Assignment: Word for word, repeat each line of the listing below.

Provided material:
= = =
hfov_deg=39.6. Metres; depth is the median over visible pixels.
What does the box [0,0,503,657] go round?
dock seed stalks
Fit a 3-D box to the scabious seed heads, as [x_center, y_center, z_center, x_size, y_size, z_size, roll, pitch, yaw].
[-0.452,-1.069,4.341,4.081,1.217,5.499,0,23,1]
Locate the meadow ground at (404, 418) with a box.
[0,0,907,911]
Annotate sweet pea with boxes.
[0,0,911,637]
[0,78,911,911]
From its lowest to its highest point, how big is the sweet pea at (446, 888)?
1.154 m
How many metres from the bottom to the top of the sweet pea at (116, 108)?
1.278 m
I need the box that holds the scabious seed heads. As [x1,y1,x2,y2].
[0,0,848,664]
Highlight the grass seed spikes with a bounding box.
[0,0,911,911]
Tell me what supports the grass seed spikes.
= = =
Result of the task:
hfov_deg=39.6. Metres; depth is the median over visible pixels.
What does the box [0,0,503,657] go round?
dock seed stalks
Fit a 3-D box to the scabious seed heads, as [x_center, y_center, z_center, x_size, y_size, z_size, roll, pitch, yaw].
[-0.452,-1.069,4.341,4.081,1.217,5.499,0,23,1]
Locate the meadow ground at (404, 418) with a box.
[0,0,907,911]
Annotate sweet pea with boxes.
[0,0,911,637]
[0,78,911,911]
From its lowest to its highest point, how big is the sweet pea at (446, 888)?
1.154 m
How many metres from the bottom to the top of the sweet pea at (116, 108)?
1.278 m
I need the box that holds the scabious seed heads. As [x1,y1,x2,y2].
[0,0,848,664]
Highlight the grass seed spikes with a bounding box.
[0,0,911,911]
Tell me what supports the grass seed spikes.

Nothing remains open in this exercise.